Il y a quelque chose de particulièrement émouvant à lire le dernier
ouvrage de Gisèle
Halimi, « Une farouche liberté », écrit avec Annick Cojean. Ce sont ses derniers mots, ses dernières réflexions
sur un parcours fait d’engagements et aussi ses derniers conseils aux femmes et
aux féministes sur les luttes qu’il reste à mener.

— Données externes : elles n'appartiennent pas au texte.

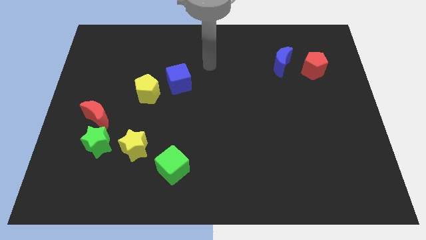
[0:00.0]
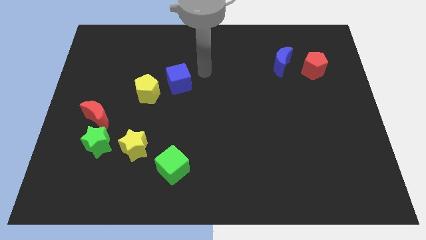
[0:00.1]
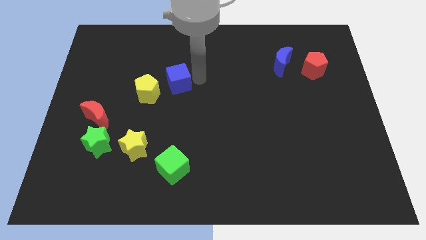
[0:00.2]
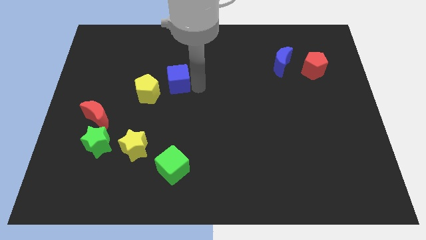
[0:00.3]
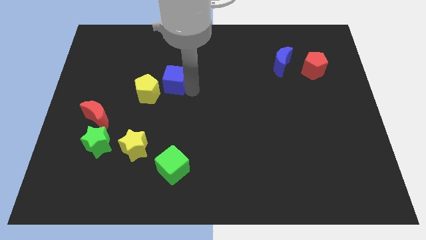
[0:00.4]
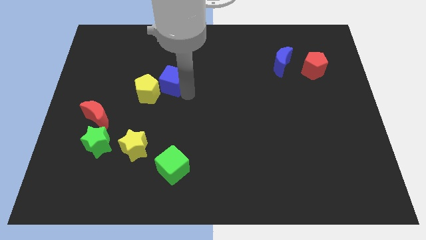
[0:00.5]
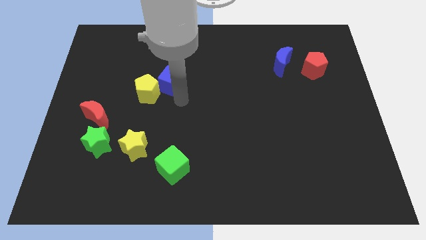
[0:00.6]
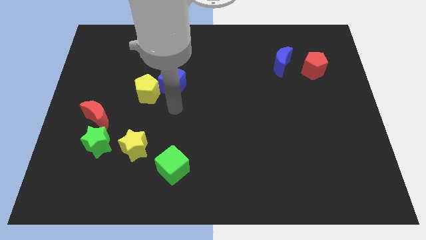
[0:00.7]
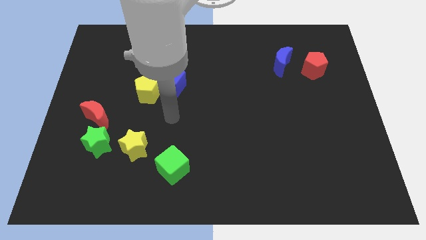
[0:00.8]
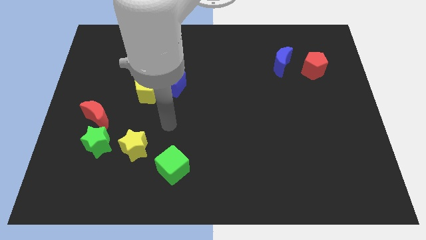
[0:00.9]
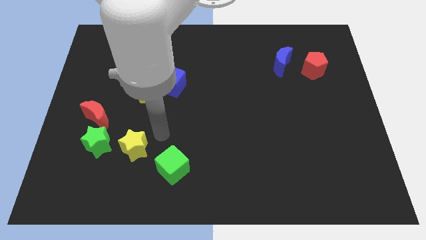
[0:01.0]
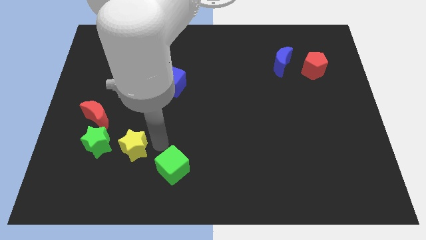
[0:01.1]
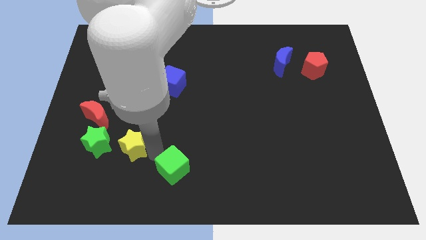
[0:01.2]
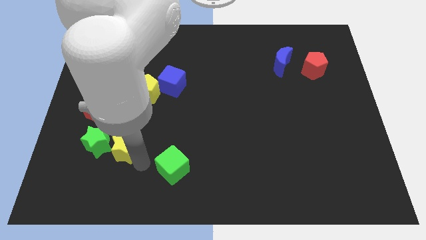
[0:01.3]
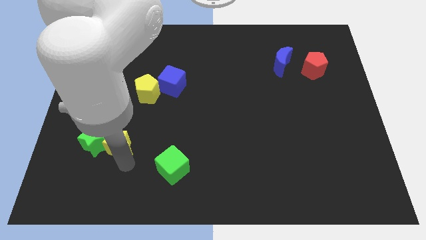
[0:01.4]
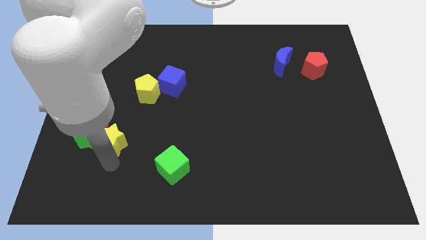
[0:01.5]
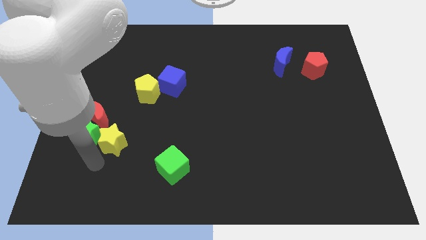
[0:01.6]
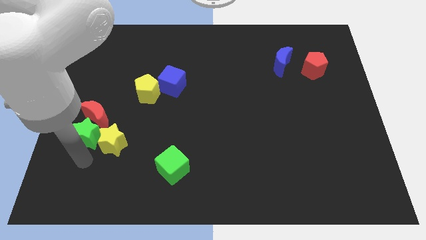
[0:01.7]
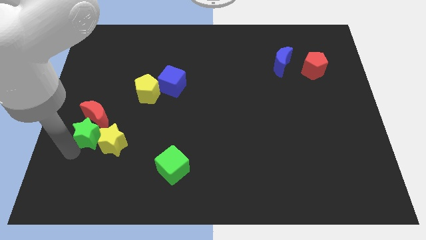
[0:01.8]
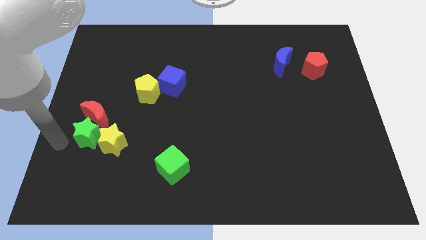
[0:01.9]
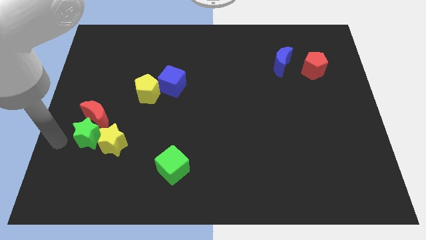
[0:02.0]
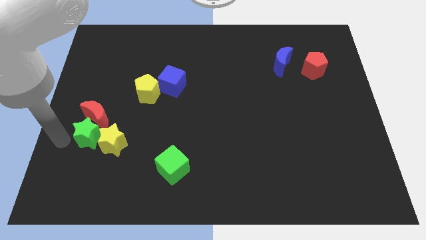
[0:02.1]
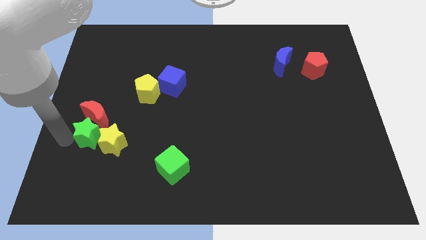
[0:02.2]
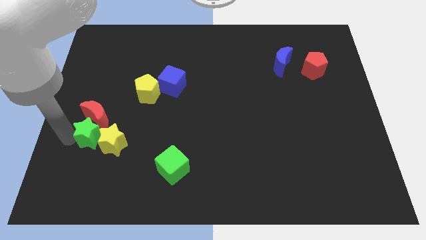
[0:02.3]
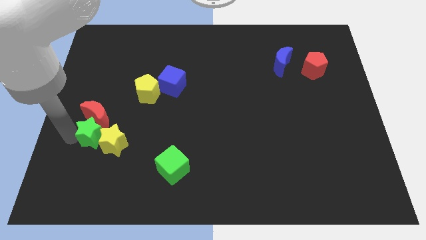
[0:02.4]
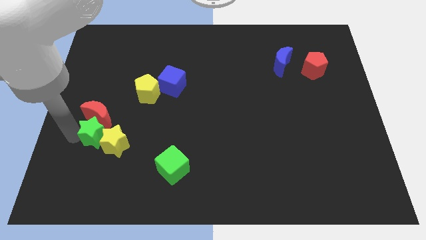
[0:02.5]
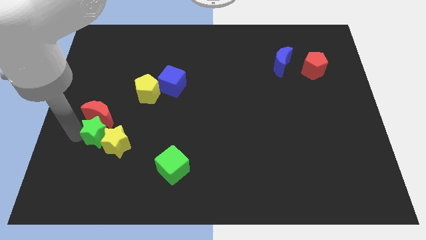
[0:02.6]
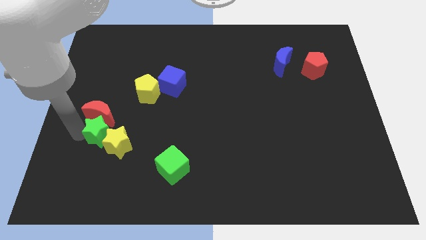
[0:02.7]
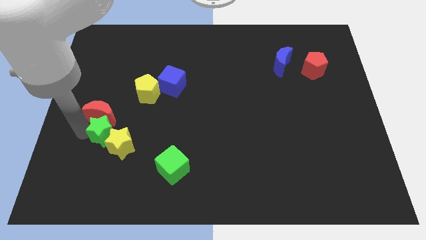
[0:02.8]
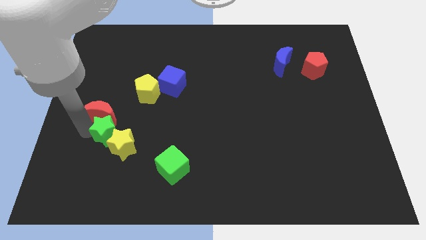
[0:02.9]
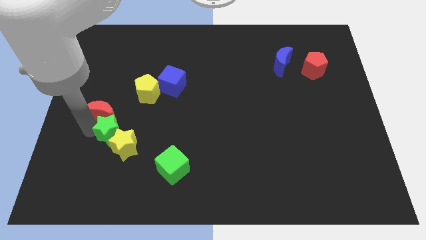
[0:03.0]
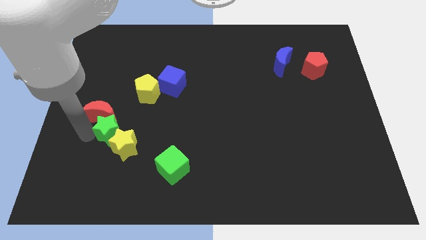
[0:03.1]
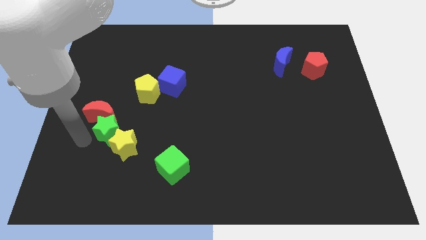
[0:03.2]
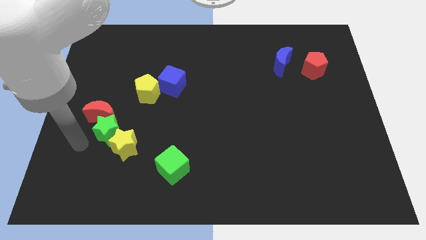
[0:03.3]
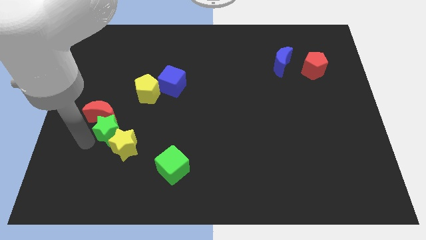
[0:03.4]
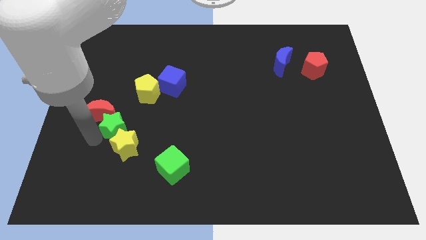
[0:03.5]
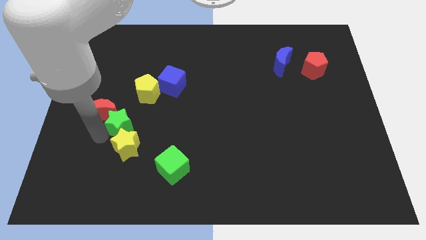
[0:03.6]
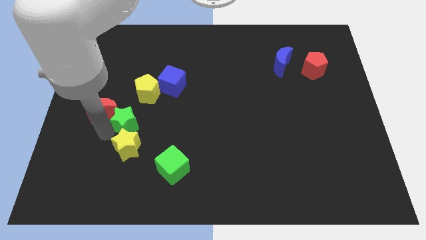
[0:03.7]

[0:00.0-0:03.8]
push the green star slightly diagonally up and right

La journaliste du quotidien français Le Monde, Annick Cojean, en a probablement conscience, lorsqu’elle décrit en
introduction de l’ouvrage, la silhouette désormais « frêle » et le
« beau visage émacié » de celle qui va répondre à ses questions avec
lucidité, entrain et passion.
Car, à plus de 90 ans, Gisèle Halimi reste la révoltée qu’elle a été
enfant, elle qui s’est très tôt insurgée face à des parents qui vénéraient les
garçons de la famille et étaient quasi indifférents aux succès scolaires de
Gisèle. Il faut une force, un courage et une lucidité inouïs pour, à l’âge de 10 ans trouver les moyens de financer ses
études, éviter un mariage arrangé à 15 ans et s’envoler pour Paris à 18 ans,
dans la soute désaffectée d’un vieux
chasseur-bombardier anglais !
Cette volonté indéfectible de sortir de sa condition de dominée ne la
quittera jamais. Car Gisèle Halimi a mené deux grands combats
simultanés : celui qu’elle consacre à la défense des dominé.e.s et celui qu’elle mène dans sa vie personnelle, à
chaque nouvelle étape de son parcours.
Après ses parents, il lui a fallu se battre contre le sexisme des
tribunaux et celui de ses collègues qui justifient ses victoires par son charme
et ses défaites par son incompétence, prétendument toute féminine. Elle
tient tête aux présidents René Coty et Charles De Gaule, et même au Général
Massu qui ose essayer de la convaincre de la nécessité de recourir à la
torture. En plein procès, les remarques sexistes la scandalisent. Députée
de 1981 à 1984, elle est ostracisée par Pierre Joxe, alors président du groupe
socialiste, qui souhaite l’isoler car il la juge imprévisible et incontrôlable
et l’accuse de faire « la forte tête ». On appréciera le paternalisme
patenté.
Mais jamais elle ne s’appesantit sur les avanies qu’elle a subies
car sa liberté n’a de sens que pour servir celle des autres. De tous les
combats justes, qu’ils soient sociaux, féministes et anticolonialistes, Gisèle
Halimi défendra au risque de sa vie (les menaces étaient nombreuses et bien
réelles) des militants indépendantistes tunisiens puis algériens, des femmes
violées, des femmes accusées de recourir illégalement à
l’avortement.
Dans cet ouvrage, elle revient avec Annick Cojean
sur l’affaire Djamila Boupacha (1961) et la manière
dont elle décide de dénoncer les sévices subis par sa cliente et porter plainte
en tortures pour que ses bourreaux soient punis. L’affaire obsède l’avocate,
elle ameute l’opinion, trahit le secret professionnel en divulguant des
éléments du dossier. Rien ne l’arrête, comme
rien ne l’arrêtera en 1972, lors du procès de Bobigny où elle oblige la société
française à se regarder en face, quant à la question de l’avortement. Rien ne
l’arrêtera non plus en 1978, lors du procès dit du viol, où elle dénonce ce que
les féministes appellent aujourd’hui une vraie culture du viol à la
française.
Gisèle Halimi a déjà raconté les étapes de ses combats dans ses
ouvrages autobiographiques mais dans Une farouche liberté, il y a comme un
souffle différent qui traverse de part en part chaque chapitre. Peut-être
est-ce en partie la conscience que la fin est
proche, mais les mots sont surtout animés par la fureur d’avoir été témoin de
tant d’injustices. Ses souvenirs sont nourris par la conviction que tous ces
combats n’ont pas été vains et ses conseils brûlent encore de l’espoir, qui n’a
jamais quitté Gisèle Halimi, que les femmes fassent un jour leur révolution.
*Gisèle
Halimi avec Annick Cojean, Une farouche liberté,
Grasset, 2020, 157 p.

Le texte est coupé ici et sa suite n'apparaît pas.